For the records that follow, work out how many lines include "outdoors" and give only that count.

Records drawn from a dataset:
---

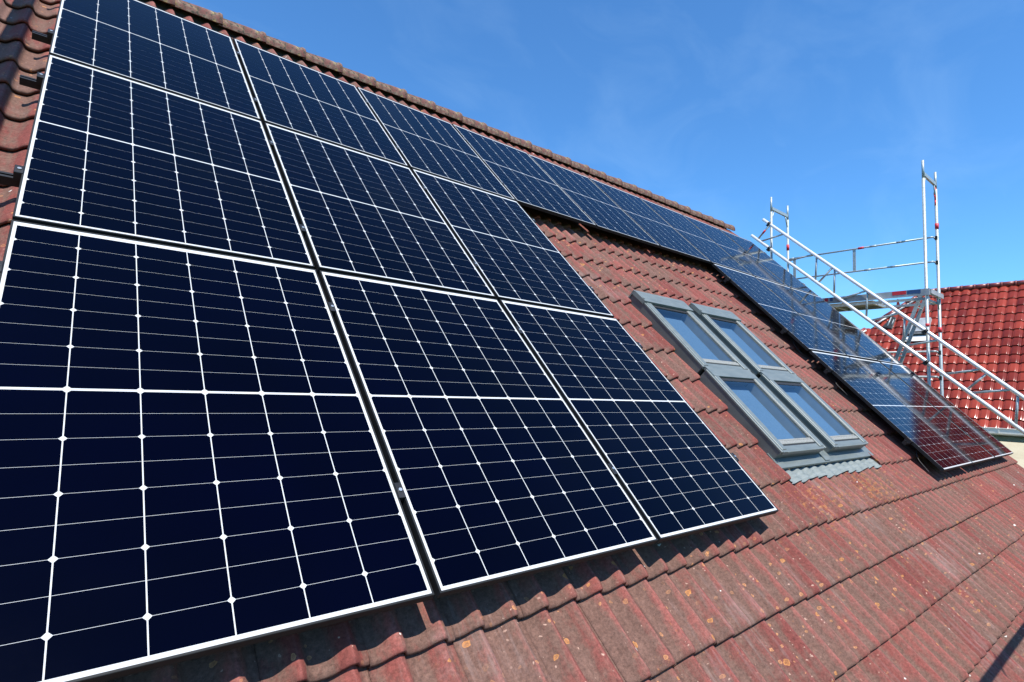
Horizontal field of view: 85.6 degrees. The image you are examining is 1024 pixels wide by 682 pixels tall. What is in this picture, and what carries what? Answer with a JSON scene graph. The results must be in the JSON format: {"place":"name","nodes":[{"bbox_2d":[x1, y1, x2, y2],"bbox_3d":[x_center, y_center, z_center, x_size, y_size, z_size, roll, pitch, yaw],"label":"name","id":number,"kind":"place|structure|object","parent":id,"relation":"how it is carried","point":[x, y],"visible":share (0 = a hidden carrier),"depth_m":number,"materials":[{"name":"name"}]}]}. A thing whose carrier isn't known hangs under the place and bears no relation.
{"place":"outdoors","nodes":[
{"label":"outdoors","id":0,"kind":"place"},
{"bbox_2d":[183,0,1023,329],"label":"sky","id":1,"kind":"structure","parent":0,"point":[830,111],"materials":[{"name":"blue"}]},
{"bbox_2d":[770,160,943,395],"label":"scaffold tower","id":2,"kind":"structure","parent":0,"point":[927,301],"depth_m":9.67,"materials":[{"name":"metal"}]},
{"bbox_2d":[750,218,1023,433],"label":"lattice girder","id":3,"kind":"object","parent":2,"relation":"attached to","point":[925,362],"visible":1,"depth_m":9.30,"materials":[{"name":"metal"}]},
{"bbox_2d":[861,280,1023,467],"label":"neighbour house","id":4,"kind":"structure","parent":0,"point":[983,325],"depth_m":17.16,"materials":[{"name":"red tile"}]},
{"label":"ground","id":5,"kind":"structure","parent":0,"visible":0},
{"bbox_2d":[0,0,1023,681],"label":"house","id":6,"kind":"structure","parent":5,"relation":"on","point":[902,564],"depth_m":3.13,"materials":[{"name":"concrete"}]},
{"bbox_2d":[19,72,537,225],"bbox_3d":[-1.190,-1.257,4.056,3.617,0.120,0.195,6,38,-39],"label":"mounting rail","id":7,"kind":"object","parent":6,"relation":"attached to","point":[30,82],"visible":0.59,"depth_m":2.89,"materials":[{"name":"metal"}]},
{"bbox_2d":[0,164,595,293],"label":"mounting rail","id":8,"kind":"object","parent":6,"relation":"attached to","point":[13,179],"visible":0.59,"depth_m":2.27,"materials":[{"name":"metal"}]},
{"bbox_2d":[12,54,314,268],"bbox_3d":[-1.806,-0.983,2.955,1.134,0.033,1.722,6,38,-39],"label":"solar panel","id":9,"kind":"object","parent":8,"relation":"attached to","point":[109,154],"visible":0.98,"depth_m":2.78,"materials":[{"name":"blue"}]},
{"bbox_2d":[264,122,495,298],"bbox_3d":[-0.918,-0.889,3.687,1.134,0.033,1.722,6,38,-39],"label":"solar panel","id":10,"kind":"object","parent":8,"relation":"attached to","point":[359,214],"visible":1,"depth_m":3.53,"materials":[{"name":"blue"}]},
{"bbox_2d":[411,168,613,317],"bbox_3d":[-0.028,-0.797,4.417,1.134,0.033,1.722,6,38,-39],"label":"solar panel","id":11,"kind":"object","parent":8,"relation":"attached to","point":[511,250],"visible":0.98,"depth_m":4.29,"materials":[{"name":"blue"}]},
{"bbox_2d":[0,261,643,350],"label":"mounting rail","id":12,"kind":"object","parent":6,"relation":"attached to","point":[332,307],"visible":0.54,"depth_m":2.59,"materials":[{"name":"metal"}]},
{"bbox_2d":[32,28,804,284],"bbox_3d":[1.165,-1.445,6.669,10.529,0.120,0.195,6,38,-39],"label":"mounting rail","id":13,"kind":"object","parent":6,"relation":"attached to","point":[41,37],"visible":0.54,"depth_m":3.32,"materials":[{"name":"metal"}]},
{"bbox_2d":[49,0,260,120],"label":"solar panel","id":14,"kind":"object","parent":13,"relation":"attached to","point":[141,42],"visible":0.98,"depth_m":3.85,"materials":[{"name":"blue"}]},
{"bbox_2d":[233,38,408,166],"bbox_3d":[-1.668,-2.054,4.746,1.134,0.032,1.722,6,38,-39],"label":"solar panel","id":15,"kind":"object","parent":13,"relation":"attached to","point":[296,97],"visible":1,"depth_m":4.62,"materials":[{"name":"blue"}]},
{"bbox_2d":[357,87,514,200],"bbox_3d":[-0.779,-1.962,5.478,1.134,0.032,1.722,6,38,-39],"label":"solar panel","id":16,"kind":"object","parent":13,"relation":"attached to","point":[428,143],"visible":0.97,"depth_m":5.37,"materials":[{"name":"blue"}]},
{"bbox_2d":[452,124,596,227],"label":"solar panel","id":17,"kind":"object","parent":13,"relation":"attached to","point":[525,179],"visible":0.99,"depth_m":6.09,"materials":[{"name":"blue"}]},
{"bbox_2d":[527,153,659,247],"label":"solar panel","id":18,"kind":"object","parent":13,"relation":"attached to","point":[603,211],"visible":0.99,"depth_m":6.83,"materials":[{"name":"blue"}]},
{"bbox_2d":[589,178,710,263],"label":"solar panel","id":19,"kind":"object","parent":13,"relation":"attached to","point":[657,228],"visible":0.99,"depth_m":7.57,"materials":[{"name":"blue"}]},
{"bbox_2d":[640,198,752,275],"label":"solar panel","id":20,"kind":"object","parent":13,"relation":"attached to","point":[711,250],"visible":0.98,"depth_m":8.33,"materials":[{"name":"blue"}]},
{"bbox_2d":[682,214,786,285],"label":"solar panel","id":21,"kind":"object","parent":13,"relation":"attached to","point":[737,252],"visible":0.98,"depth_m":9.08,"materials":[{"name":"blue"}]},
{"bbox_2d":[720,229,817,295],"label":"solar panel","id":22,"kind":"object","parent":13,"relation":"attached to","point":[780,272],"visible":0.98,"depth_m":9.81,"materials":[{"name":"blue"}]},
{"bbox_2d":[236,51,734,241],"bbox_3d":[0.746,-2.096,7.262,10.529,0.120,0.195,6,38,-39],"label":"mounting rail","id":23,"kind":"object","parent":6,"relation":"attached to","point":[238,53],"visible":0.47,"depth_m":5.37,"materials":[{"name":"metal"}]},
{"bbox_2d":[394,453,738,506],"bbox_3d":[-0.009,0.573,2.389,3.617,0.120,0.195,6,38,-39],"label":"mounting rail","id":24,"kind":"object","parent":6,"relation":"attached to","point":[400,491],"visible":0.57,"depth_m":1.97,"materials":[{"name":"metal"}]},
{"bbox_2d":[0,220,434,681],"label":"solar panel","id":25,"kind":"object","parent":24,"relation":"attached to","point":[193,464],"visible":1,"depth_m":1.68,"materials":[{"name":"blue"}]},
{"bbox_2d":[318,270,657,597],"bbox_3d":[-0.167,0.275,2.626,1.134,0.032,1.722,6,38,-39],"label":"solar panel","id":26,"kind":"object","parent":24,"relation":"attached to","point":[500,470],"visible":0.99,"depth_m":2.42,"materials":[{"name":"blue"}]},
{"bbox_2d":[499,299,778,542],"bbox_3d":[0.723,0.366,3.357,1.134,0.032,1.722,6,38,-39],"label":"solar panel","id":27,"kind":"object","parent":24,"relation":"attached to","point":[666,454],"visible":0.99,"depth_m":3.20,"materials":[{"name":"blue"}]},
{"bbox_2d":[671,351,881,483],"bbox_3d":[2.220,0.382,5.085,1.890,0.060,2.077,6,38,-39],"label":"window flashing","id":28,"kind":"object","parent":6,"relation":"attached to","point":[804,473],"depth_m":4.42,"materials":[{"name":"grey metal"}]},
{"bbox_2d":[628,290,749,375],"bbox_3d":[1.599,-0.051,5.046,0.781,0.166,1.012,6,38,-39],"label":"roof window","id":29,"kind":"structure","parent":28,"relation":"attached to","point":[693,339],"depth_m":5.04,"materials":[{"name":"grey metal"}]},
{"bbox_2d":[689,303,795,378],"bbox_3d":[2.319,0.025,5.638,0.781,0.166,1.012,6,38,-39],"label":"roof window","id":30,"kind":"structure","parent":28,"relation":"attached to","point":[749,349],"depth_m":5.66,"materials":[{"name":"glass"}]},
{"bbox_2d":[699,366,826,458],"bbox_3d":[1.999,0.580,4.480,0.773,0.151,0.887,6,38,-39],"label":"roof window","id":31,"kind":"structure","parent":28,"relation":"attached to","point":[767,419],"depth_m":4.44,"materials":[{"name":"glass"}]},
{"bbox_2d":[759,371,868,452],"bbox_3d":[2.719,0.656,5.072,0.773,0.151,0.887,6,38,-39],"label":"roof window","id":32,"kind":"structure","parent":28,"relation":"attached to","point":[819,417],"depth_m":5.07,"materials":[{"name":"grey metal"}]},
{"bbox_2d":[724,276,835,309],"bbox_3d":[4.152,-0.696,8.455,3.550,0.120,0.195,6,38,-39],"label":"mounting rail","id":33,"kind":"object","parent":6,"relation":"attached to","point":[727,279],"visible":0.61,"depth_m":7.30,"materials":[{"name":"metal"}]},
{"bbox_2d":[780,327,886,350],"bbox_3d":[4.595,-0.009,7.829,3.550,0.120,0.195,6,38,-39],"label":"mounting rail","id":34,"kind":"object","parent":6,"relation":"attached to","point":[784,330],"visible":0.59,"depth_m":6.67,"materials":[{"name":"metal"}]},
{"bbox_2d":[712,263,846,355],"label":"solar panel","id":35,"kind":"object","parent":34,"relation":"attached to","point":[802,331],"visible":0.98,"depth_m":7.23,"materials":[{"name":"blue"}]},
{"bbox_2d":[755,276,877,360],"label":"solar panel","id":36,"kind":"object","parent":34,"relation":"attached to","point":[841,340],"visible":0.98,"depth_m":8.00,"materials":[{"name":"blue"}]},
{"bbox_2d":[790,287,903,364],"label":"solar panel","id":37,"kind":"object","parent":34,"relation":"attached to","point":[873,348],"visible":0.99,"depth_m":8.75,"materials":[{"name":"blue"}]},
{"bbox_2d":[823,366,921,378],"bbox_3d":[4.888,0.445,7.415,3.550,0.120,0.195,6,38,-39],"label":"mounting rail","id":38,"kind":"object","parent":6,"relation":"attached to","point":[828,370],"visible":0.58,"depth_m":6.26,"materials":[{"name":"metal"}]},
{"bbox_2d":[902,430,988,444],"bbox_3d":[5.333,1.134,6.787,3.550,0.120,0.195,6,38,-39],"label":"mounting rail","id":39,"kind":"object","parent":6,"relation":"attached to","point":[907,441],"visible":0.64,"depth_m":5.63,"materials":[{"name":"metal"}]},
{"bbox_2d":[809,350,971,471],"bbox_3d":[4.278,0.739,6.284,1.134,0.032,1.722,6,38,-39],"label":"solar panel","id":40,"kind":"object","parent":39,"relation":"attached to","point":[936,449],"visible":1,"depth_m":6.16,"materials":[{"name":"blue"}]},
{"bbox_2d":[850,357,994,464],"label":"solar panel","id":41,"kind":"object","parent":39,"relation":"attached to","point":[954,435],"visible":0.99,"depth_m":6.94,"materials":[{"name":"blue"}]},
{"bbox_2d":[880,362,1012,458],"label":"solar panel","id":42,"kind":"object","parent":39,"relation":"attached to","point":[974,430],"visible":0.99,"depth_m":7.67,"materials":[{"name":"blue"}]}
]}

---

Answer area:
2